:: Given data ::
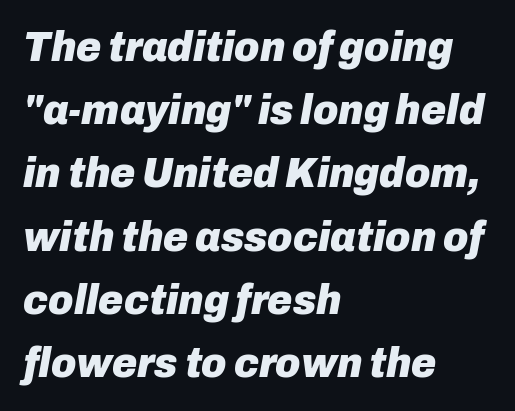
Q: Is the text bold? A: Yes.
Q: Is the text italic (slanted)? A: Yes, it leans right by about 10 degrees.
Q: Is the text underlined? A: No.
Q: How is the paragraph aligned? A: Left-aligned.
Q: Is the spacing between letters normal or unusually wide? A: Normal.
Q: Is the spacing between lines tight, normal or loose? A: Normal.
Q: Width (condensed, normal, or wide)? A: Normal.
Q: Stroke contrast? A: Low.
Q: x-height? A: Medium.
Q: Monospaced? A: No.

* * *

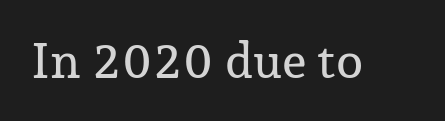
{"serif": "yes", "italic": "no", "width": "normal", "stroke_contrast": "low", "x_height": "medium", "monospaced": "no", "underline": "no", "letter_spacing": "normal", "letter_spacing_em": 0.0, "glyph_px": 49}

--

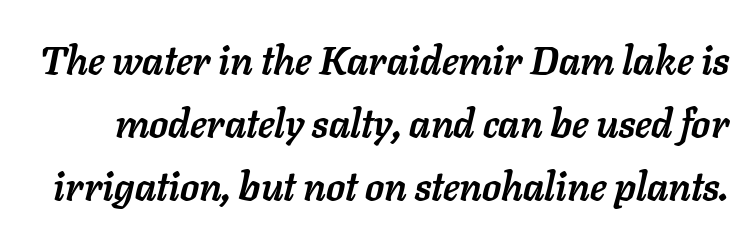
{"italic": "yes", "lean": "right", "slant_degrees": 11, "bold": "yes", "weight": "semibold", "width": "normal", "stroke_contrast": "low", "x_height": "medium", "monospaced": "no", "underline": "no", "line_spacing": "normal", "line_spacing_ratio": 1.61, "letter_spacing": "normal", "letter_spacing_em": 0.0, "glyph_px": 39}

:: Exercise objective ::
The exact lines of the material above starting at the one that contains "Q: Is the spacing between lines" and ending at the one that contains "Q: Monospaced? A: No." are what to retype; leave out everything else.

:: Task response ::
Q: Is the spacing between lines tight, normal or loose? A: Normal.
Q: Width (condensed, normal, or wide)? A: Normal.
Q: Stroke contrast? A: Low.
Q: x-height? A: Medium.
Q: Monospaced? A: No.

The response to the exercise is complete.